> **Source data**:
┌────────

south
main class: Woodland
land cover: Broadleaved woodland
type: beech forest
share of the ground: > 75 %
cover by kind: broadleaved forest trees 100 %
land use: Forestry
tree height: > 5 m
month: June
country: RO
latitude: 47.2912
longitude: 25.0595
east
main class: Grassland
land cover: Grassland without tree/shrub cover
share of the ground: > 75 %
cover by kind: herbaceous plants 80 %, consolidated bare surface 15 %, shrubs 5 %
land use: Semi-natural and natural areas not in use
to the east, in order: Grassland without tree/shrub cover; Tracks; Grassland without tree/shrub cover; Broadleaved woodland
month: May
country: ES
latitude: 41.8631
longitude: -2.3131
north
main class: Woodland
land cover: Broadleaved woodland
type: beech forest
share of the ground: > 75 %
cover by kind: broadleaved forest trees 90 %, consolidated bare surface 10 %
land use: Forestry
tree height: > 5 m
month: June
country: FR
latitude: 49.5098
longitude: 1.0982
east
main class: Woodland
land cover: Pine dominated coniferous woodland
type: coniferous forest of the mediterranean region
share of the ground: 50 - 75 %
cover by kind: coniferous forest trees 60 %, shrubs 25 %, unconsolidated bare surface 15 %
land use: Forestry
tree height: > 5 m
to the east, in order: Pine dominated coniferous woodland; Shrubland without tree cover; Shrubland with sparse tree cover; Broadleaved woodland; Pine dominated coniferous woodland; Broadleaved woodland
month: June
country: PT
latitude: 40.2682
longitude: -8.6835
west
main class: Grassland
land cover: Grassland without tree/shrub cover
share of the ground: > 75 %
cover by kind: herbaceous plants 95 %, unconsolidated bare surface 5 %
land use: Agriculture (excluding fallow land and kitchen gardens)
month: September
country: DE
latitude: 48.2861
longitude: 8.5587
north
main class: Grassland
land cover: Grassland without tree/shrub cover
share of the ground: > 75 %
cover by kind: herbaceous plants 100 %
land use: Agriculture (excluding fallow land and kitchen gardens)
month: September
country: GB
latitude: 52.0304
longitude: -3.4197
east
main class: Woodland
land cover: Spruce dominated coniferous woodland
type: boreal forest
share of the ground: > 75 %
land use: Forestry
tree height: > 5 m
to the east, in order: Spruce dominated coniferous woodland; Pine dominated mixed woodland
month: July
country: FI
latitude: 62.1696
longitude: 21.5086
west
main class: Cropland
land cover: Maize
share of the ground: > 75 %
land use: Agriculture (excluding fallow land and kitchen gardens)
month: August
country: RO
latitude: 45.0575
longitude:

└────────

> **What to do**: If a line of the material contains the word "latitude", pick it out and copy it.

> **Solved exercise**:
latitude: 47.2912
latitude: 41.8631
latitude: 49.5098
latitude: 40.2682
latitude: 48.2861
latitude: 52.0304
latitude: 62.1696
latitude: 45.0575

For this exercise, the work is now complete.